BEGIN Supplied data
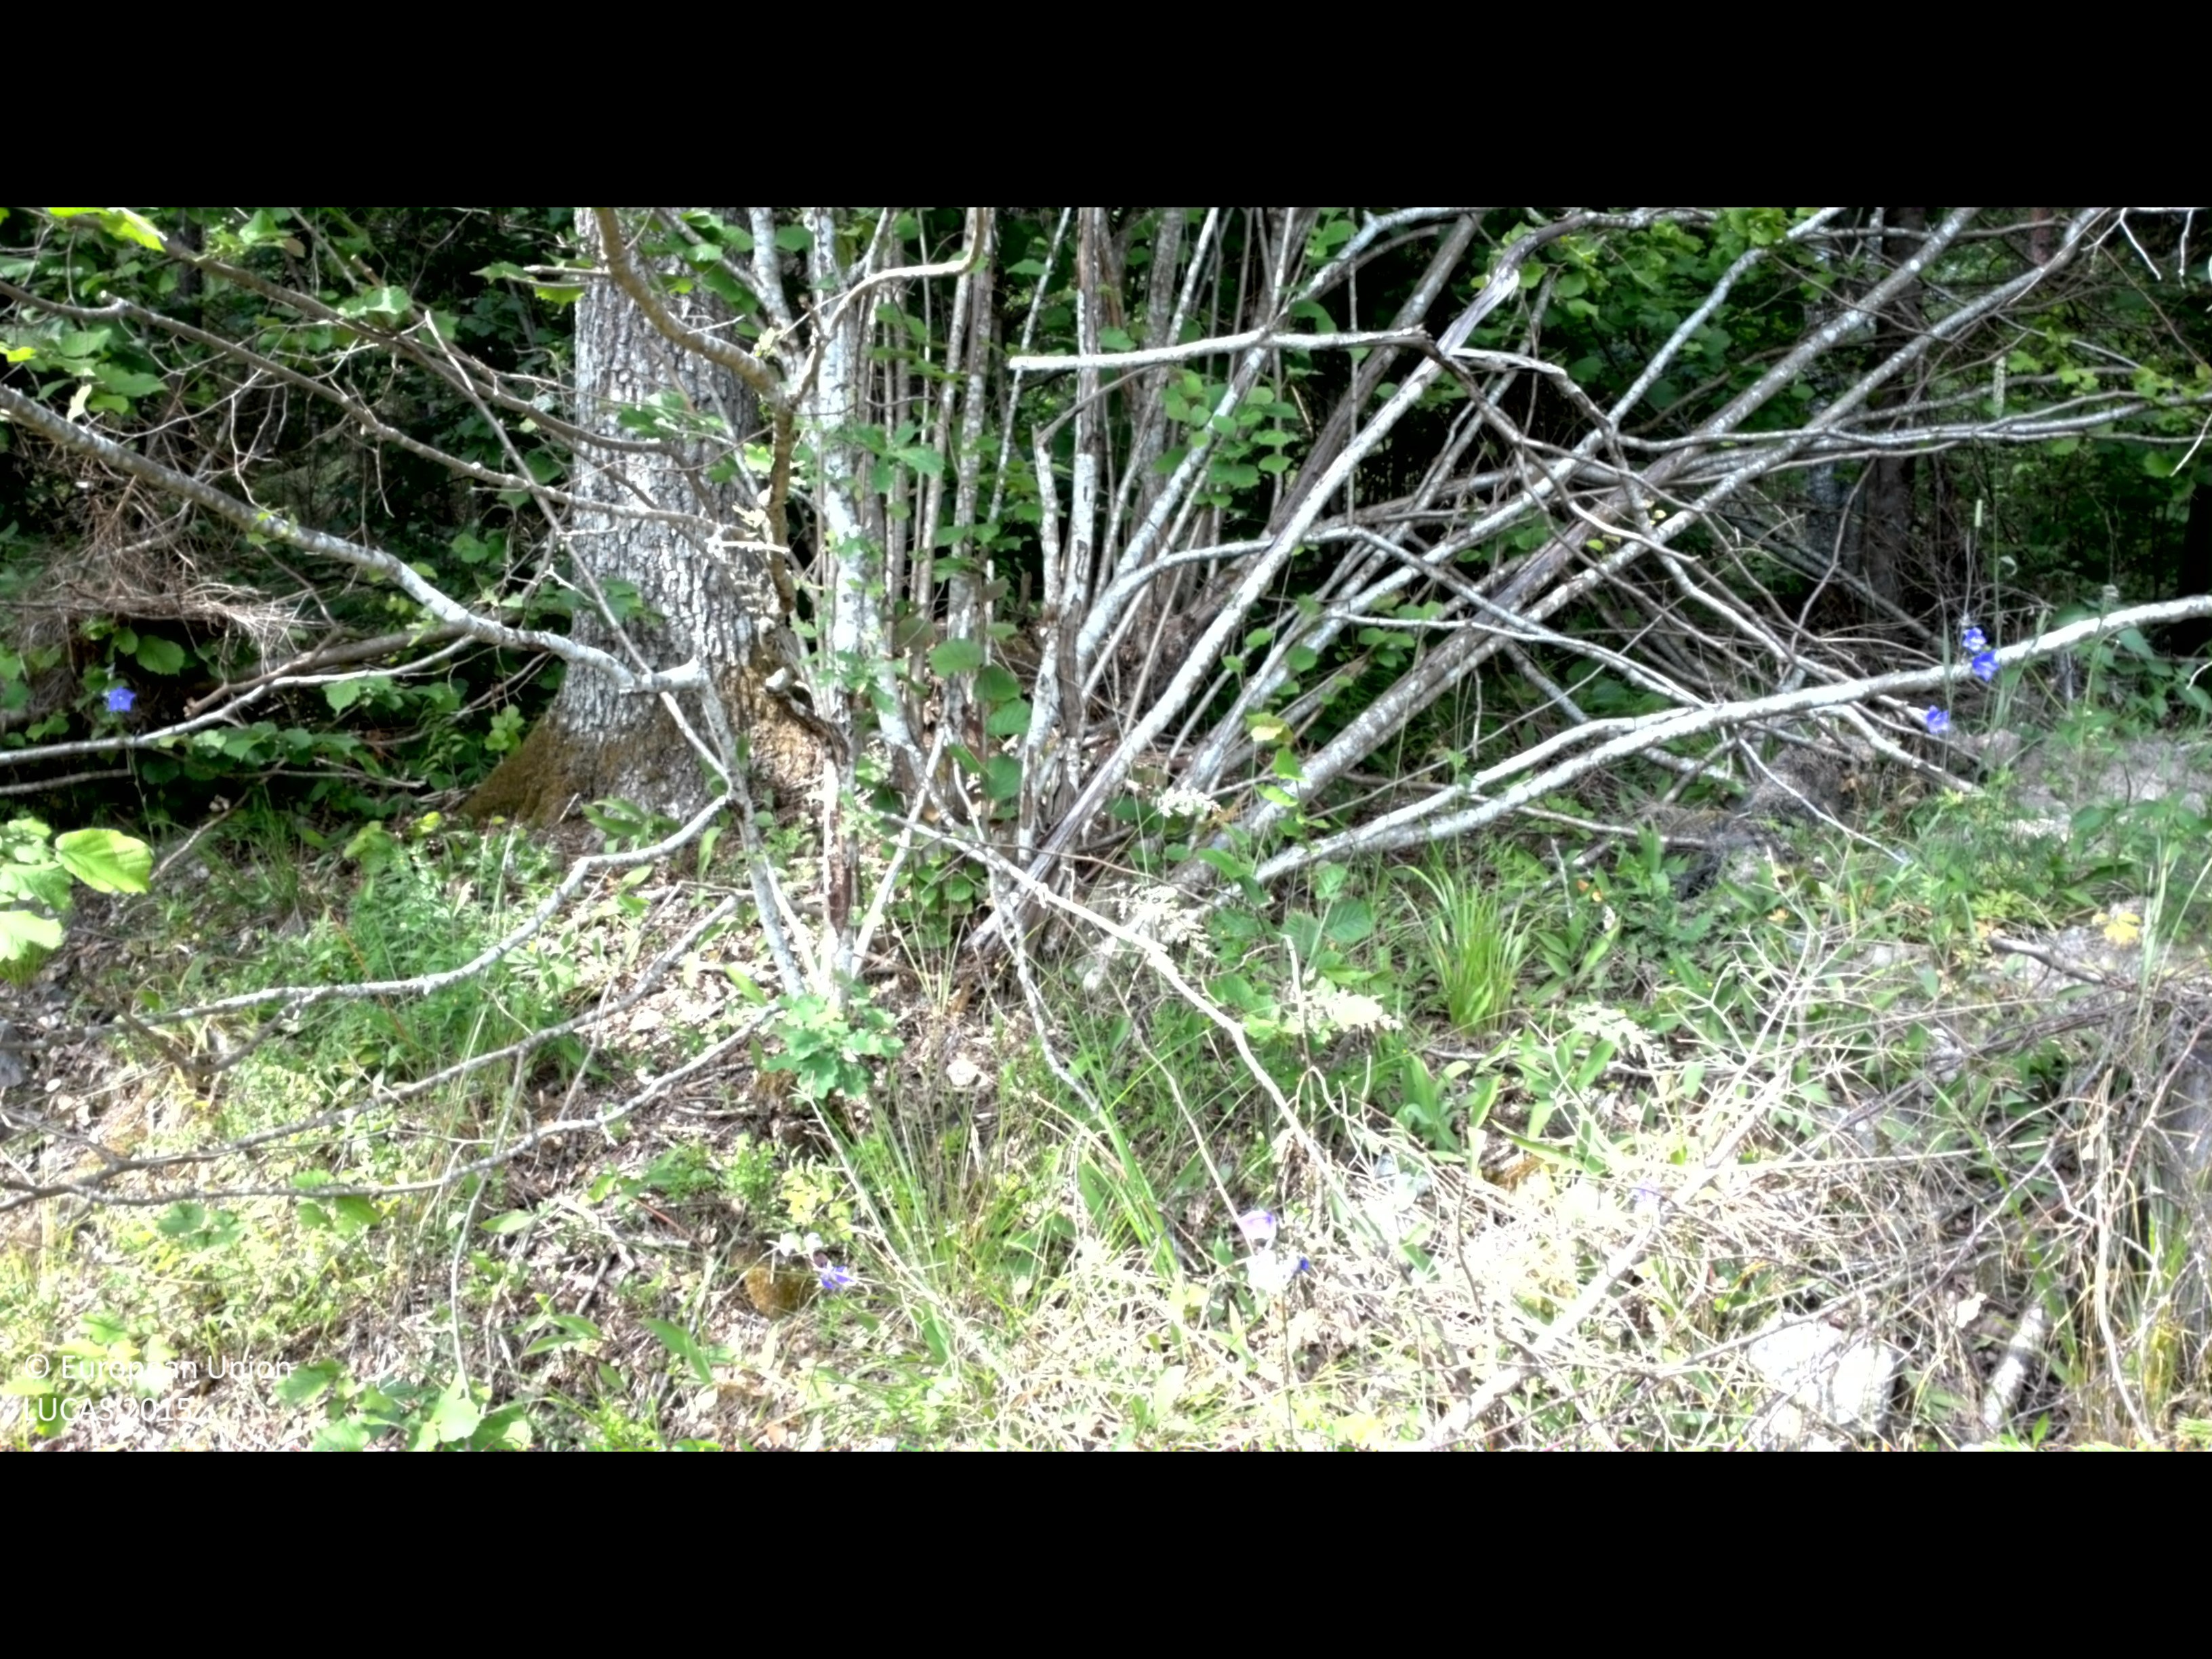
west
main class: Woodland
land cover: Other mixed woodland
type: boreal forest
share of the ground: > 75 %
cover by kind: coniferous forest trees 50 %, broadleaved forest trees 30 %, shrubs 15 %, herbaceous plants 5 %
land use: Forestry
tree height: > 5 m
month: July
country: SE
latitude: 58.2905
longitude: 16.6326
END Supplied data
## Goal of the exercise
With the pictures dropped, write out all of the entries word for word.

## Solution
west
main class: Woodland
land cover: Other mixed woodland
type: boreal forest
share of the ground: > 75 %
cover by kind: coniferous forest trees 50 %, broadleaved forest trees 30 %, shrubs 15 %, herbaceous plants 5 %
land use: Forestry
tree height: > 5 m
month: July
country: SE
latitude: 58.2905
longitude: 16.6326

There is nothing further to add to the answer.